((

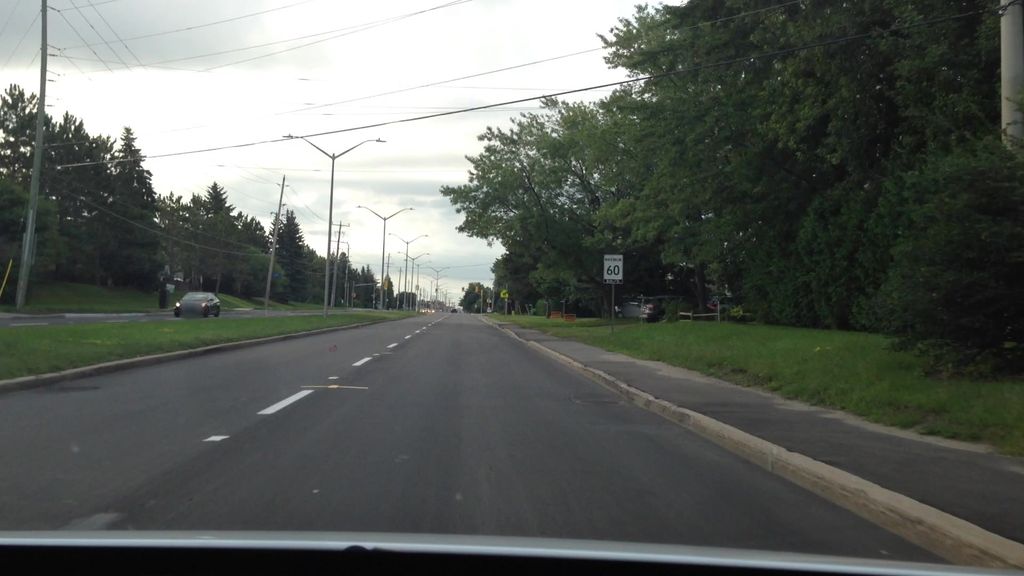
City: ottawa-gatineau
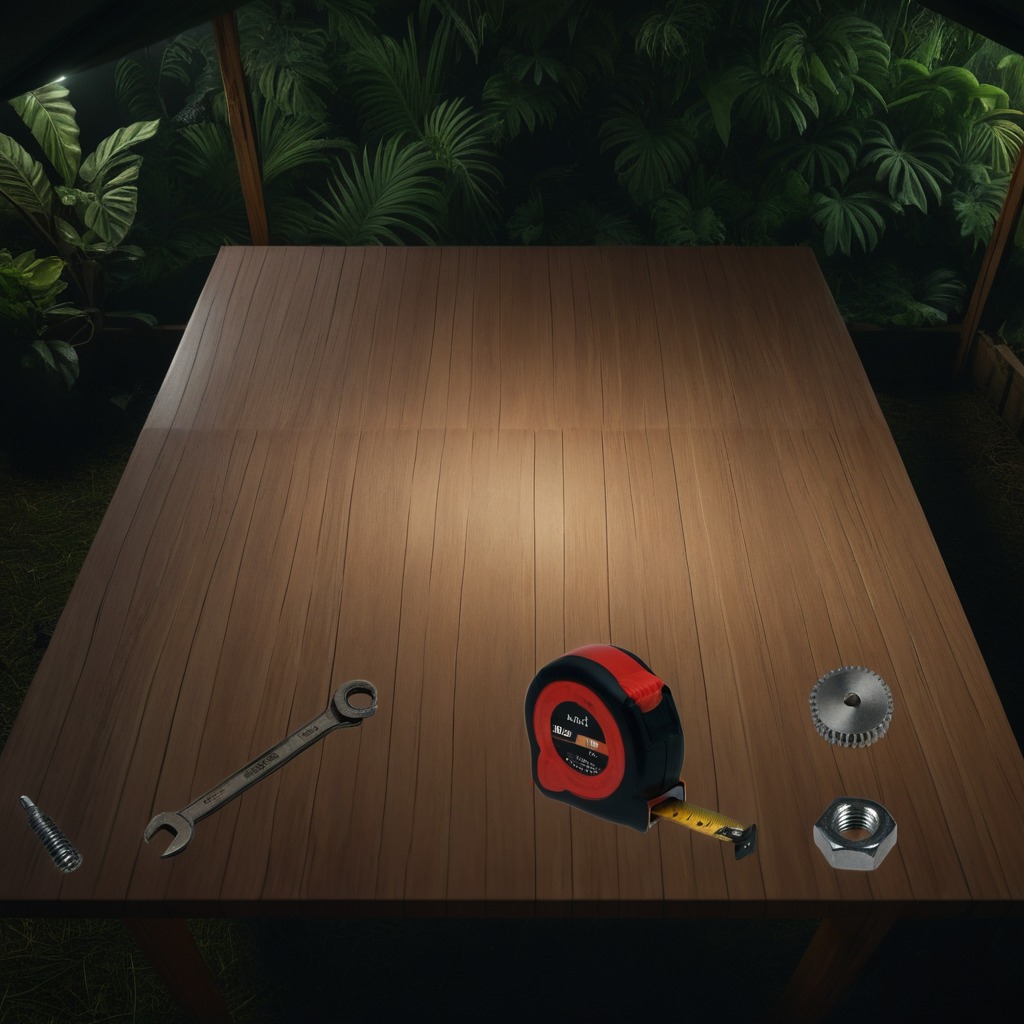
A steel gear with teeth, a measuring tape, a coiled metal spring, a metal nut, and a wrench are lying on the wooden table.
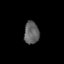
Tissue: prostate
Cell type: T cells
Senescence score: 0.7117
Nuclear area (px): 327
Mean DAPI intensity: 98.654
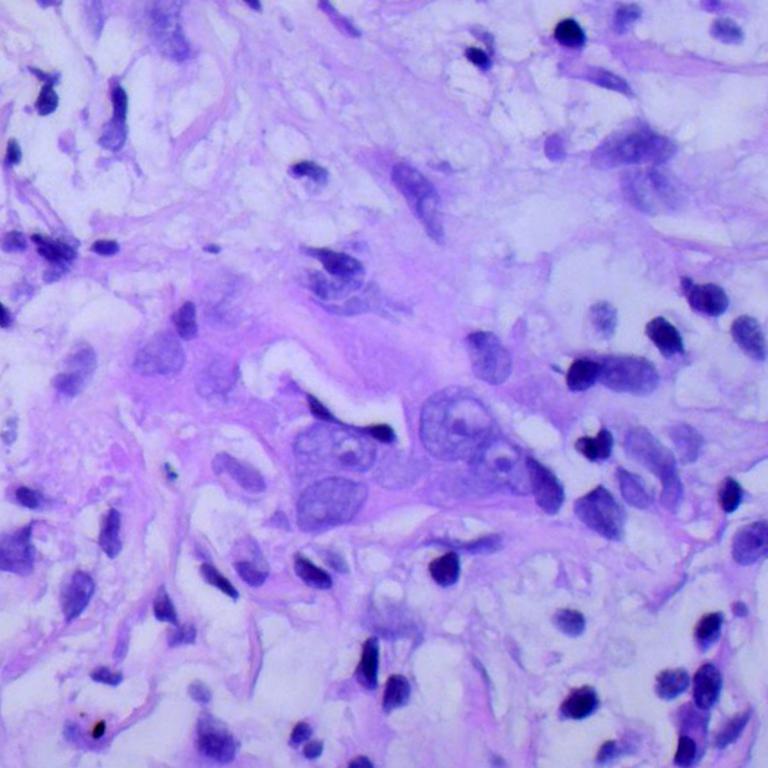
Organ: lung
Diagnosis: adenocarcinomas
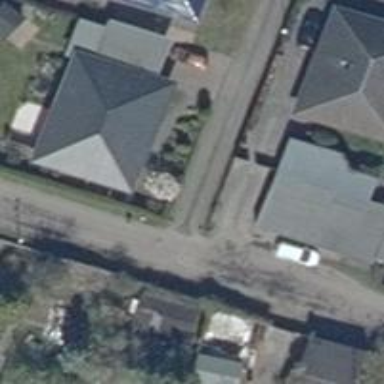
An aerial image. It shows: Alley classified as service road.
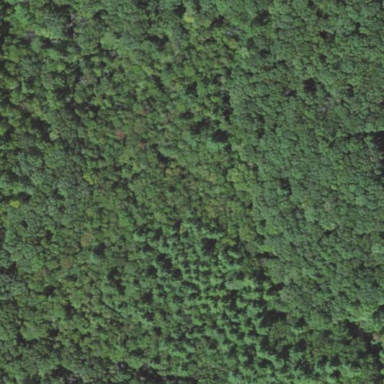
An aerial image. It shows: Nature reserve in woodland area.
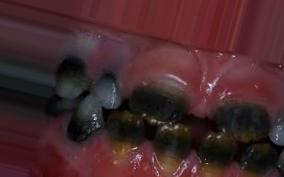
Condition: Tooth Discoloration
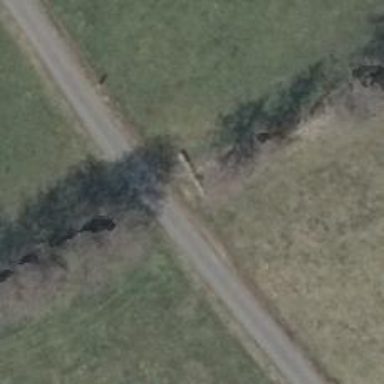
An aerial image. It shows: Culvert tunnel.
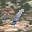
Label: 1
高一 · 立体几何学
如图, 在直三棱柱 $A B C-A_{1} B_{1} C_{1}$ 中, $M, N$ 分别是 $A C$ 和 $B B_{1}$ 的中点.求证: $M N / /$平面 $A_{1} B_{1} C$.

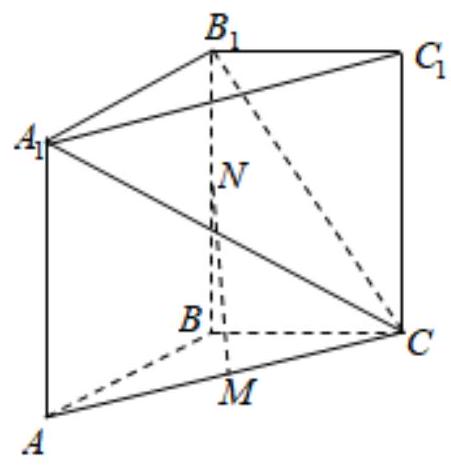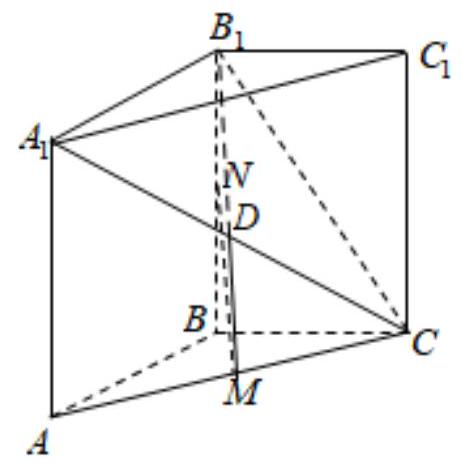
答案: 见解析
解析: 【分析】

取 $A_{1} C$ 的中点 $D$, 由中位线定理和平行线的传递性可证四边形 $D M N B_{1}$ 为平行四边形,可得 $M N / / B_{1} D$, 再根据线面平行的判定定理即可证明结果.

【详解】

证明: 取 $A_{1} C$ 的中点 $D$, 连接 $M D, B_{1} D$.

$\because M, D$ 分别为 $A C, A_{1} C$ 的中点, $\therefore M D / / A A_{1}$ 且 $M D=\frac{1}{2} A A_{1}$.

又 $N$ 为 $B_{1} B$ 的中点, $\therefore B_{1} N / / A A_{1}$ 且 $B_{1} N=\frac{1}{2} A A_{1}$,

$\therefore M D / / B_{1} N$ 且 $M D=B_{1} N, \therefore$ 四边形 $D M N B_{1}$ 为平行四边形,

$\therefore M N / / B_{1} D$.

$\because M N \not \subset$ 平面 $A_{1} B_{1} C, B_{1} D \subset$ 平面 $A_{1} B_{1} C$,

$\therefore M N / /$ 平面 $A_{1} B_{1} C$.

【点睛】

本题主要考查了平行线的传递性和线面平行的判定定理, 属于基础题.
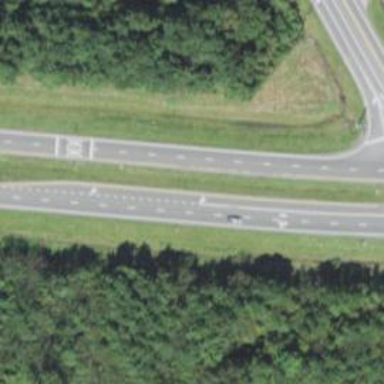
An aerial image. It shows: Asphalt trunk highway which is also expressway.
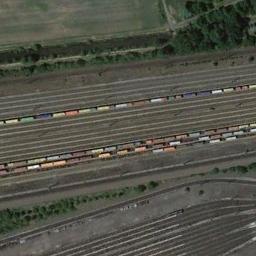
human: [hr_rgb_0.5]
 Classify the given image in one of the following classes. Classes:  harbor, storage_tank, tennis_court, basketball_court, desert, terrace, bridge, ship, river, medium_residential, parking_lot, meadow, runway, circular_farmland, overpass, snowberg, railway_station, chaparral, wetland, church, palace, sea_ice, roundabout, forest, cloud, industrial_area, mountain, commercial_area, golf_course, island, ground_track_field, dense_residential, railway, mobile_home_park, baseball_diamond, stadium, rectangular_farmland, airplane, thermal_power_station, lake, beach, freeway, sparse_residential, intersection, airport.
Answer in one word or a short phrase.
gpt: railway
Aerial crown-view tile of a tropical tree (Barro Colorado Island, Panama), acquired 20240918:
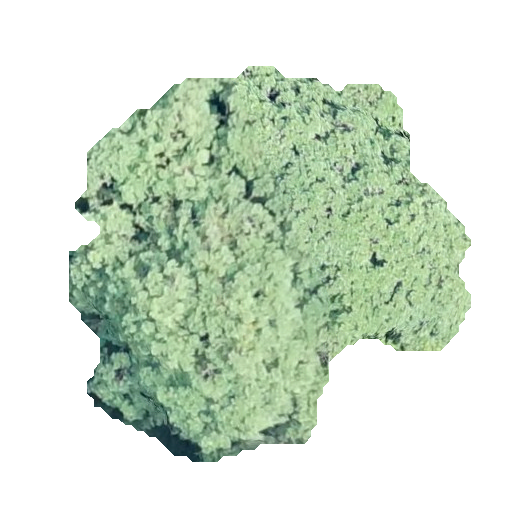
Species: Tabebuia rosea
GBIF accepted scientific name: Tabebuia rosea
Crown area: 174.623 m²
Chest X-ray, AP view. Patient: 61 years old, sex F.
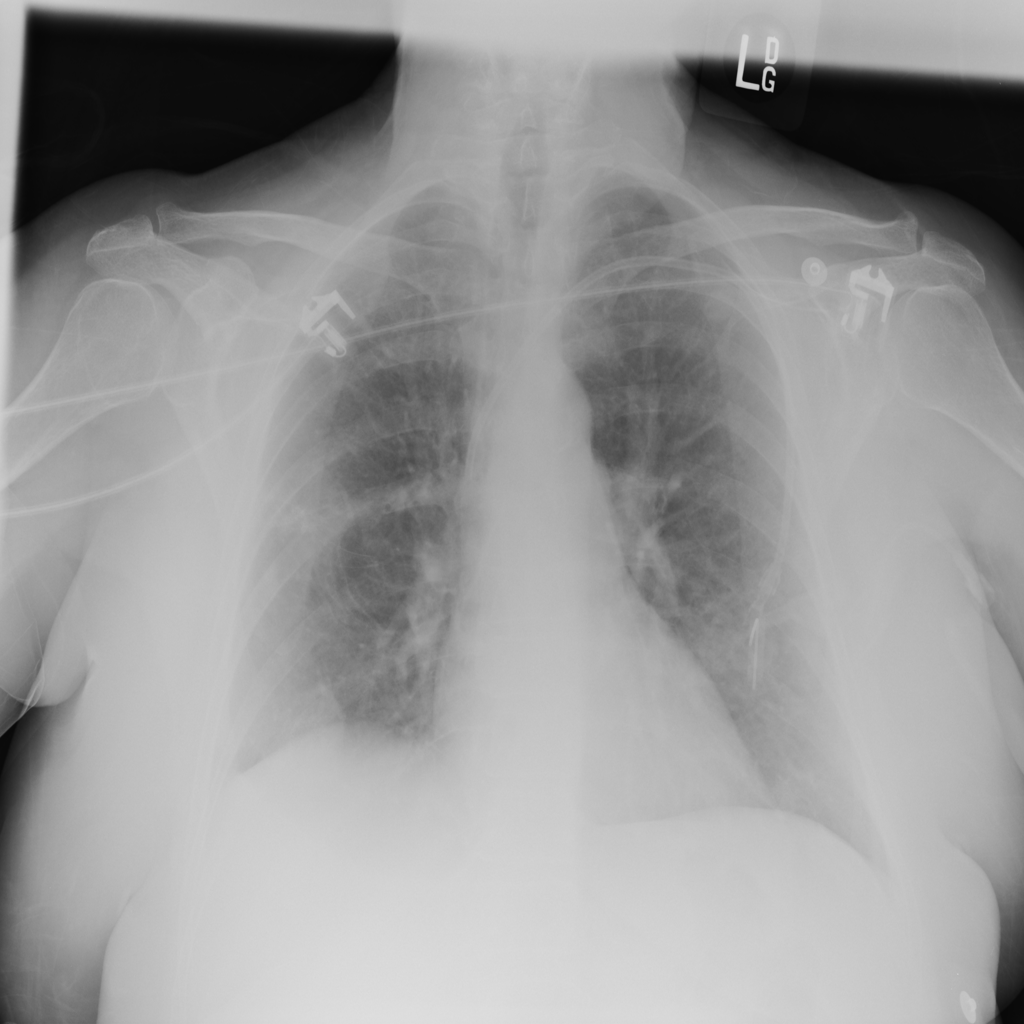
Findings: No Finding
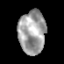
Tissue: prostate
Cell type: T cells
Senescence score: 0.2311
Nuclear area (px): 1155
Mean DAPI intensity: 160.965
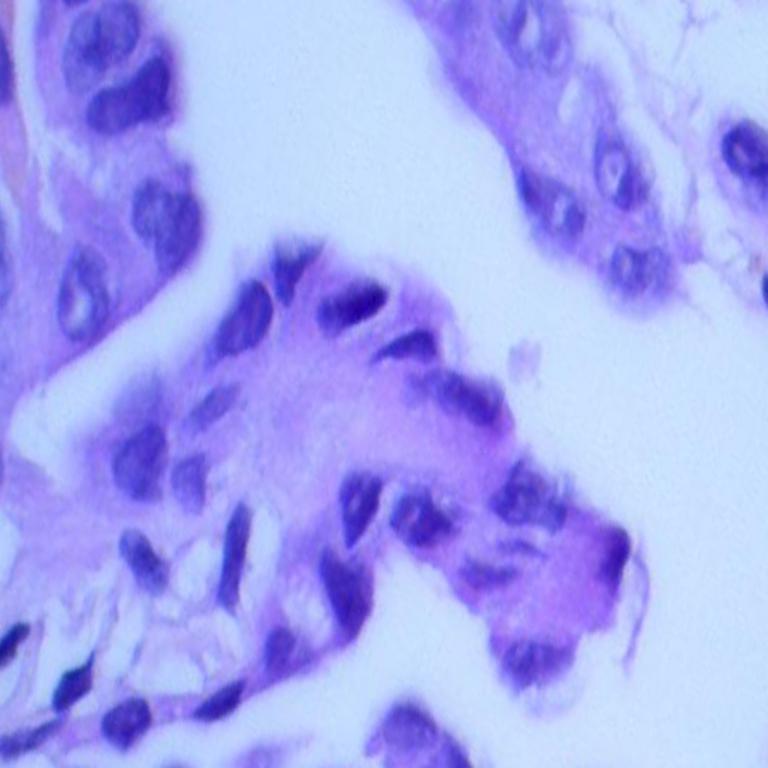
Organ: lung
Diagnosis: adenocarcinomas
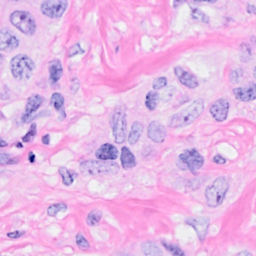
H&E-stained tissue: Breast
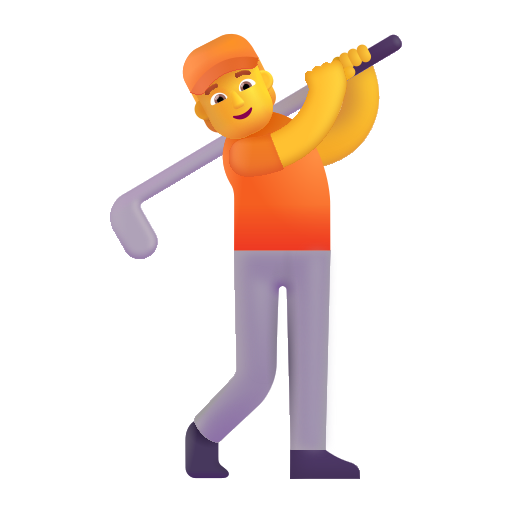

))

**Problem description**. Copy nothing outside the span: please output the lines from the one with "Chest X-ray, AP" through the end of the entries above, and skip the pictures.

**Problem solution**.
Chest X-ray, AP view. Patient: 61 years old, sex F.
Findings: No Finding
Tissue: prostate
Cell type: T cells
Senescence score: 0.2311
Nuclear area (px): 1155
Mean DAPI intensity: 160.965
Organ: lung
Diagnosis: adenocarcinomas
H&E-stained tissue: Breast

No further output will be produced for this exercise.